You can read the above roughly as: we produce the elements of the list by concatenating the adjective, a space, and an animal, while the adjective takes the elements of `adjectives` one by one, and the animal takes the elements of `animals` one by one.

In [None]:
[adj + " " + animal
 for adj in adjectives
 for animal in animals
]

In [None]:

# Is there a number whose first and last digit are the same,
# and which is the sum of the cube and square of a natural number less than 100?

numbers = [x**3 + x**2 for x in range(100)]
matches = [x for x in numbers if str(x)[0] == str(x)[-1]]

print(matches)

[0, 2, 252, 6156, 20412, 230702, 242172, 291852, 689216]


In [None]:

# Is there a pair of (prime < 100) and (square < 100),
# such that when I add them, the result is divisible by 1234?

primes_lt_100 = [2, 3, 5, 7, 11, 13, 17, 19, 23, 29, 31, 37, 41, 43, 47, 53, 59, 61, 67, 71, 73, 79, 83, 89, 97]
squares = [x*x for x in range(100)]
matches = [(n, p) for n in squares for p in primes_lt_100 if (n+p) % 1234 == 0]
print(matches)




[(2401, 67), (9801, 71)]


In [None]:
# What numbers can be formed from sets a and b such that
# we choose exactly one element from each and multiply them?

a = {8, 12, 9, 31, 14}
b = {2, 4, 11, 7, 6, 3}

products_set = { x*y for x in a for y in b}

print(products_set)

{132, 16, 18, 24, 154, 27, 28, 32, 36, 42, 48, 54, 56, 186, 62, 63, 72, 84, 341, 88, 217, 93, 98, 99, 124}


Why did we use a `set` here and not a `list`?

## Generator

The `for-in` structure can also be used inside simple parentheses (even as a function argument).
So we can write something like:
```python
g = (x*x for x in element_list)
```
Here `g` will not be a tuple (as we know, the essence of tuples is the comma, not the parentheses), but something else: a generator.
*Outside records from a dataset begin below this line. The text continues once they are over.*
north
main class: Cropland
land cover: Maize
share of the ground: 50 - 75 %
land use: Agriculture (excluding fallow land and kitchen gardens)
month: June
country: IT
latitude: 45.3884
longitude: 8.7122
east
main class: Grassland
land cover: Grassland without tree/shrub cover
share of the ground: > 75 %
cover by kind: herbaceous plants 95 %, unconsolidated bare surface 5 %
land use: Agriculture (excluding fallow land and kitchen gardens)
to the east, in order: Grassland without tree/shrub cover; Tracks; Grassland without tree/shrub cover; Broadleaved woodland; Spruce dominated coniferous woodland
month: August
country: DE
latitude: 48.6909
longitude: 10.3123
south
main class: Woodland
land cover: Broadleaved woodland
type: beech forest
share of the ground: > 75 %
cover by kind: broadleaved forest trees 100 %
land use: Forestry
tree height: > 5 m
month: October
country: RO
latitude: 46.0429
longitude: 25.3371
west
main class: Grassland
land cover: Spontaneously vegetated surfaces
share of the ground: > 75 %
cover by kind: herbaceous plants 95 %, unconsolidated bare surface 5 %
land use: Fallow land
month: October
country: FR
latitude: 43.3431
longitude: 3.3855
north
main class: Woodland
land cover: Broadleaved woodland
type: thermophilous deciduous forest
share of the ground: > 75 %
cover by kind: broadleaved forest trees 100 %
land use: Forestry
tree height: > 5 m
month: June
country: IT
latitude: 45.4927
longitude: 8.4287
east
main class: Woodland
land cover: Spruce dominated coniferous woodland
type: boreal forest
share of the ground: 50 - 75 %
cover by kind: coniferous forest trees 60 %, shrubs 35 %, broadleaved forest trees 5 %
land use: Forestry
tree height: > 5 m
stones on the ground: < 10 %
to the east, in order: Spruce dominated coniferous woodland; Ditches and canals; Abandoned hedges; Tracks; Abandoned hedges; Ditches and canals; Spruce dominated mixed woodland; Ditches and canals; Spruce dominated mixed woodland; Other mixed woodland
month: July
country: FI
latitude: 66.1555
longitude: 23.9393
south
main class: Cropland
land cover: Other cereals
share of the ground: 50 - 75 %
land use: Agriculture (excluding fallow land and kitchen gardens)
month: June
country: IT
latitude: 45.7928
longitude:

A generator isn’t really a “container structure”, but it’s a similar concept. It can yield elements without actually having a concrete in-memory structure behind it. You can also use a generator in other comprehensions or in a `for` loop.
It’s worth noting that printing it (e.g. with `print`) is usually not useful: it will only show that it is a generator, not its “contents”.

Generators are tricky because they can be exhausted!
For example, if you created it to generate elements of a finite list, it will yield them one by one — and after they run out, it won’t yield anything.

We’ve seen something similar before: `range()`.
When we wrote `range(10000)`, there weren’t 10,000 actual integers stored in memory — it just created them and yielded them one by one.

In [10]:
elements = [1, 9, 3, 2, 5]
g = (x*x for x in elements) # not a tuple, but a generator
type(g)

generator

In [None]:
print(g) # this is not very useful....

In [12]:
# but of course you can convert it to anything:
list(g) # or set(g) or tuple(g) ....

[]

In [14]:
# but now your generator is exhausted and
# if you try again, there is nothing in it...
list(g)

[]

Because this “exhaustion” is very confusing, we usually only use this generator form when we are sure we need it only once.
For example, as an argument to a function that expects an iterable.
Here, however, it’s very useful (and we don’t even have to write the parentheses again):

In [None]:
# sum of squares:
sum(x*x for x in elements)

In [None]:
# all letter combinations from two sets:
",".join(p+q for p in "abc" for q in "xyz")

In [None]:
range_values = range(10)
list(range_values) # convert to a list
list(range_values) # and try again

Task:

We have gears with the following tooth counts:
8,11,13,17,18,24,36,68,72

We want to place exactly two gears in sequence.
Can we achieve a fourfold (4:1) gear ratio? If yes, how?

Create a list comprehension that generates the correct gear pairs.

Hint: if two 8-tooth gears are placed in sequence, that is a 1:1 ratio. If a 16-tooth driving gear is followed by an 8-tooth driven gear, that is 8:16, i.e. a 1:2 ratio, because while the 16-tooth turns once, it turns the 8-tooth twice (twice as fast and half as strong).